Stanford NLP Annotation pipeline.annotate resulting into OutOfMemoryError in Java

So we are using Stanford NLP to annotate input text, and these input texts are laughably small. Below is one example of the same.

"Can you give me details about Mohammad Siva John with identifiers 6745-3876-1354-8790 and 313-31-333"

Below is the Java code snippet to annotate.

    final Properties properties = new Properties();
    properties.setProperty("annotators", "tokenize, ssplit, pos, lemma");
    final StanfordCoreNLP pipeline = new StanfordCoreNLP(properties);
    final Annotation document = new Annotation(text);
    pipeline.annotate(document);

Below is the Maven dependency.

    <dependency>
        <groupId>edu.stanford.nlp</groupId>
        <artifactId>stanford-corenlp</artifactId>
        <version>4.5.4</version>
    </dependency>

This works fine, but after couple of days, the JVM crashes with a coredump. Coredump analysis shows that below line resulted into OutOfMemoryError

pipeline.annotate(document);

Any thoughts on how to resolve this? There are no field level variables in the class, and all of them are method level, and so should be 'freed' once the execution is done. So, there should be no OutOfMemoryError first of all to begin with.

Quite perplexing. Any thoughts?

Solution

So found this in StanfordNLP Javadoc of void edu.stanford.nlp.pipeline.StanfordCoreNLP.clearAnnotatorPool()

Call this if you are no longer using StanfordCoreNLP and want torelease the memory associated with the annotators.

Calling this method itself almost has no impact, but the real game changer is calling 'System.gc()'. Below is the fix for this, just call clearAnnotatorPool and gc after annotate.

final Properties properties = new Properties();
properties.setProperty("annotators", "tokenize, ssplit, pos, lemma");
final StanfordCoreNLP pipeline = new StanfordCoreNLP(properties);
final Annotation document = new Annotation(text);
pipeline.annotate(document);

// Below two calls would fix memory issue.
StanfordCoreNLP.clearAnnotatorPool();
System.gc();

This is how used memory is with only StanfordCoreNLP.clearAnnotatorPool() call. Note that this is without System.gc() call. Notice that for 1000 calls to 'annotate' in a loop the used memory crosses 2500 MB and then falls down below 500 MB. This is the case when we are letting JVM call gc.
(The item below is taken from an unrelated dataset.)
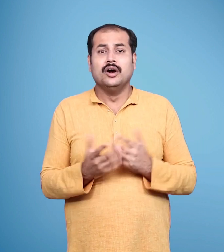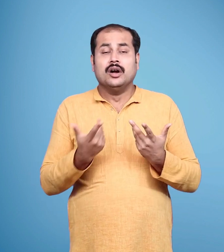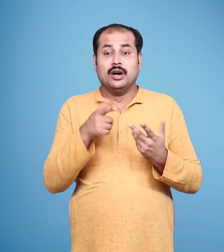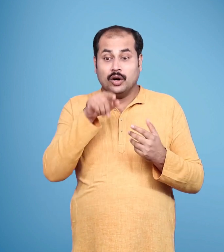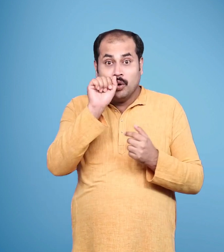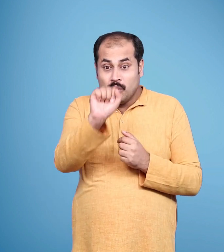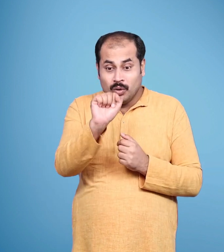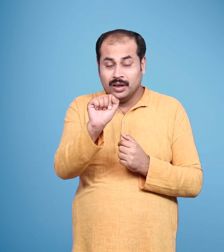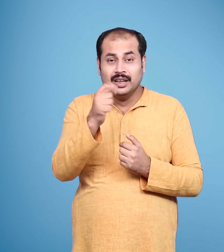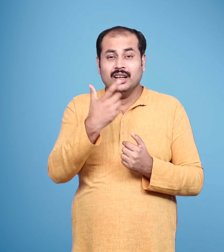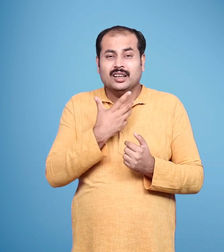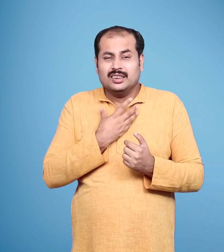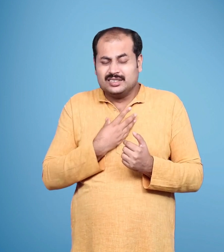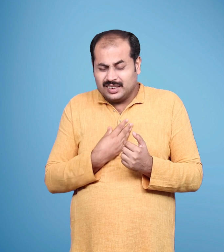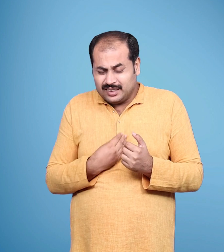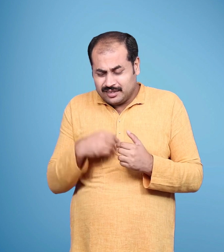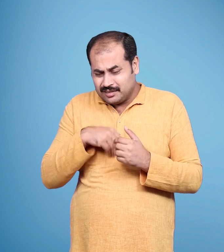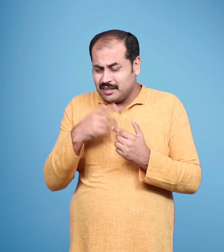तुम्हारा इस प्रकार दुखी होना उचित नहीं है
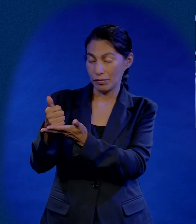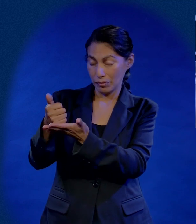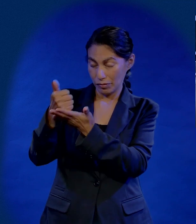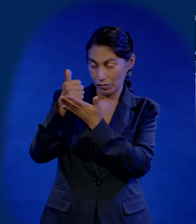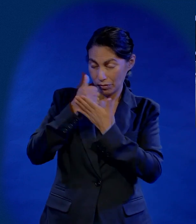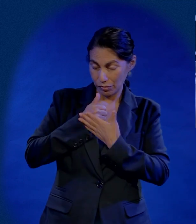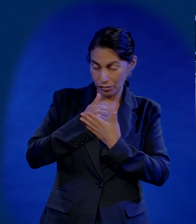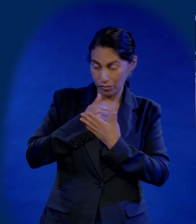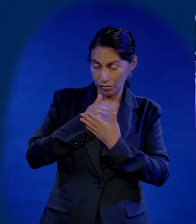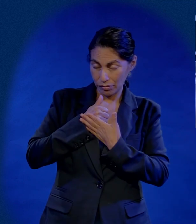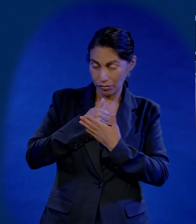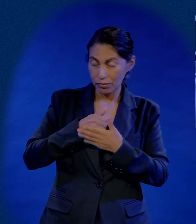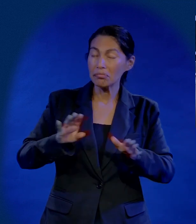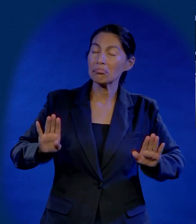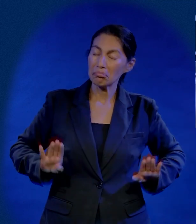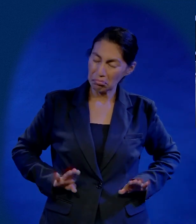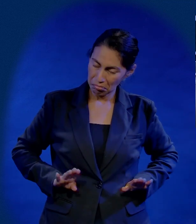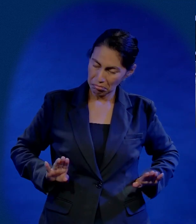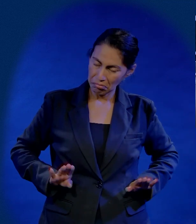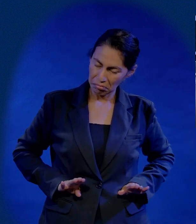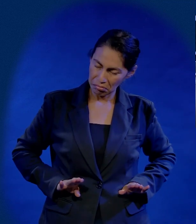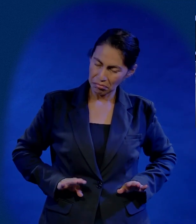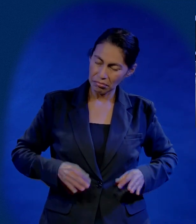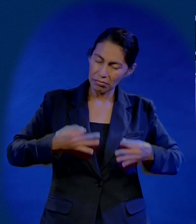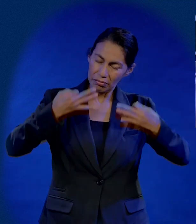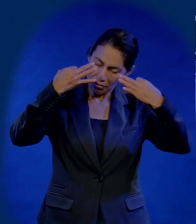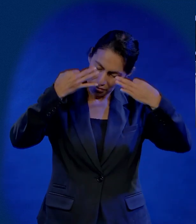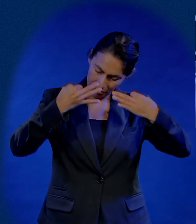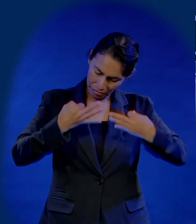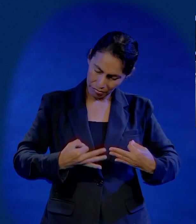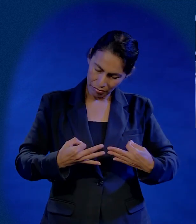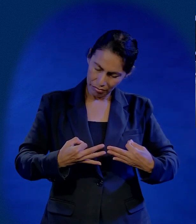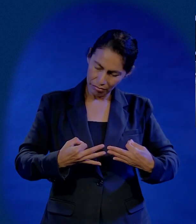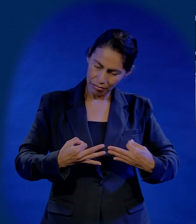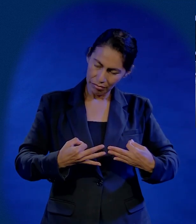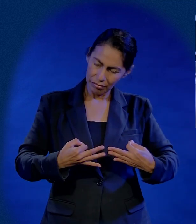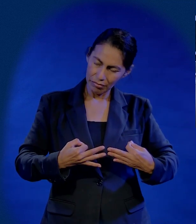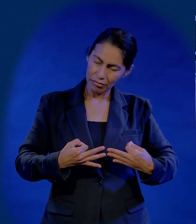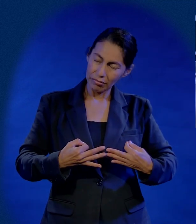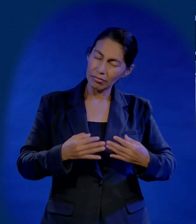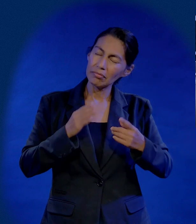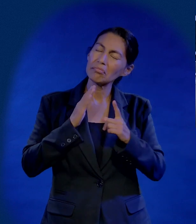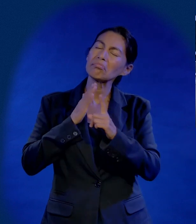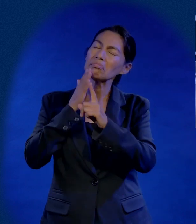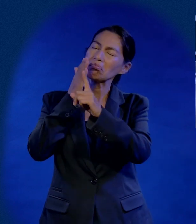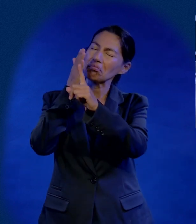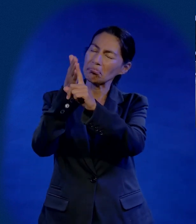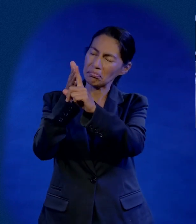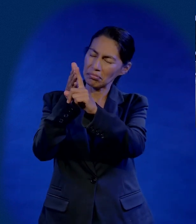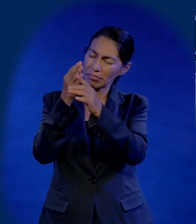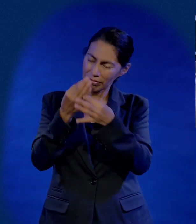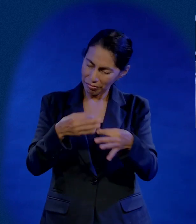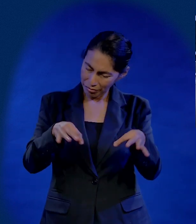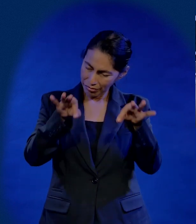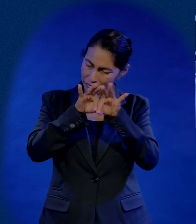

However, when I call both StanfordCoreNLP.clearAnnotatorPool(); and System.gc(); the results are drastically different. Note that used memory is within the range of 132 to 133 MB irrespective of whether the annotation pool has been cleared.

One starts seeing the real of 'StanfordCoreNLP.clearAnnotatorPool()' around after 150 pipeline.annotate hits. Below is memory utilization observed over 1000 hits to pipeline.annotate. Observe that with 'StanfordCoreNLP.clearAnnotatorPool() and System.gc()', the memory utilization hovers just above 40 MB.

If you rightly understand, this only signifies that somehow the JVM default gc execution is not releasing as much memory as when an explicit call is being made. I understand there would be timing difference and all, which only means that one needs to further research on the default gc and the JDK on being used (am on JDK 21 with IDE enforcing JDK 17 compliance level. The graphs are all almost the same when run on a JDK 17 directly too) and how this changes with various gc strategies.

But then I'm happy with this and conclude! Hope this helps someone.